As befits the obsession of today’s scientific circles in the West with language, the specter of the Balkans that does not escape from it is not a person but a name, a signifier. It is predictable that the signifier “Balkan” will separate from its original signified and all subsequent signifiers with which it enters a relationship. In fact, another process was taking place in parallel: while “Balkan” began to be accepted and widely used as a signifier in a geographical sense, it was slowly already beginning to acquire a social and cultural meaning that extended its signified beyond its immediate and concrete meaning. While the “Balkan” encompassed a complex historical phenomenon and began to signify it, some political aspects of this new signified were extrapolated and independently signified.
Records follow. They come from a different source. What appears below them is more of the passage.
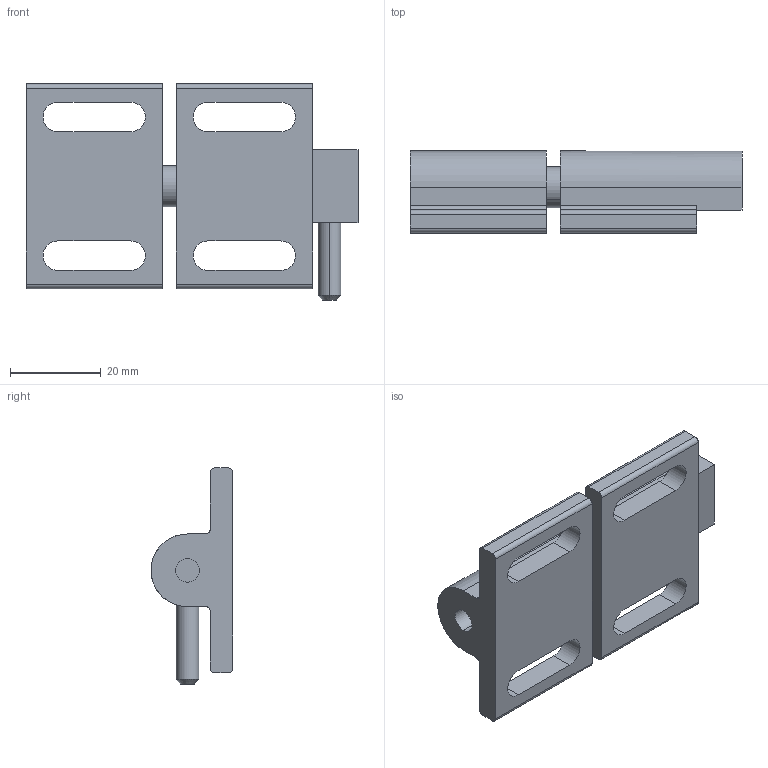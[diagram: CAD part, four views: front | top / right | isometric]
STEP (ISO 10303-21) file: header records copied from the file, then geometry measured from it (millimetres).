
FILE_DESCRIPTION (( 'STEP AP203' ), '1' );
FILE_NAME ('PNDH30.LD.ST.STEP', '2016-12-14T08:12:43', ( 'user' ), ( '' ), 'SwSTEP 2.0', 'SolidWorks 2012', '' );
FILE_SCHEMA (( 'CONFIG_CONTROL_DESIGN' ));
Length unit declared in the file: millimetre
Products named in the file (1): PNDH30.LD.ST
Bounding box: 73 x 18 x 47.5 mm (x, y, z)
Volume: 21440.9 mm3; surface area: 12387.9 mm2
Topology: 4 solids, 4 shells, 87 faces, 221 edges, 144 vertices
Faces by surface type: cylinder 40, plane 37, cone 8, torus 2
Entity records: 2754 total; most frequent: DIRECTION 485, CARTESIAN_POINT 474, ORIENTED_EDGE 442, EDGE_CURVE 221, AXIS2_PLACEMENT_3D 179, VERTEX_POINT 144, VECTOR 127, LINE 127

August Zeune, who named the peninsula, consistently held to his conviction in 1808: “The Balkan Peninsula is separated from the rest of Europe in the north by the long mountain range of the Balkan Mountains, or the former Albanus, Skradus, Hemus, which adjoins the Alps in the northwest via of the small Istrian peninsula, while towards the east it disappears into the Black Sea in two branches.”
Although the name Balkan was increasingly entering the vocabulary of observers and commentators, few of them knew its exact meaning. The word Balkan is associated with a mountain: in most Ottoman and Turkish dictionaries it has the meaning of a mountain or a mountain range, in some it is defined as a wooded mountain, and in others as a passage through densely wooded Rocky Mountains; the word balkanlik also means a densely forested and rugged zone. According to Halil Inalcik, the Ottoman Turks first used the word Balkan in Rumelia in its general meaning of mountain, using additional names or to define it geographically. Thus, the word Emine-Balkan denoted the easternmost slopes of the Balkan Range that descend towards the Black Sea. The combination Emine-Balkan is a literal Ottoman translation of the word “Hemus-Mountain”: from the Byzantine “Aimos”, “Emmon” and “Emmona” the Ottoman Turks also derived the word “Emine”.
In the middle of the 19th century, many authors began to apply the name Balkan to the entire peninsula without any desire to challenge the primacy of earlier names that reminded of its ancient or medieval past: “Hellenic”, “Illyrian”, “Dardan”; “Roman”, “Byzantine”, “Thracian”. Until the Congress of Berlin in 1878, the most common designations referred to the presence of the Ottoman Empire on the peninsula: “European Turkey”, “Turkey in Europe”, “European Ottoman Empire”, “European Levant”; “Oriental Peninsula”. Ethical labels were increasingly used: “Greek peninsula”, “Slovenian-Greek peninsula”, “South Slavic peninsula”. And within that region itself, the “Balkans” was not the most common geographical self-determination. For the Ottoman rulers it was “Rum-eli”, literally “the land of the Romans”, i.e. the land of the Greeks, “Rumeli-i-sahane” (Imperial Rumelia), “Avrupa-i-Osmani” (Ottoman Europe).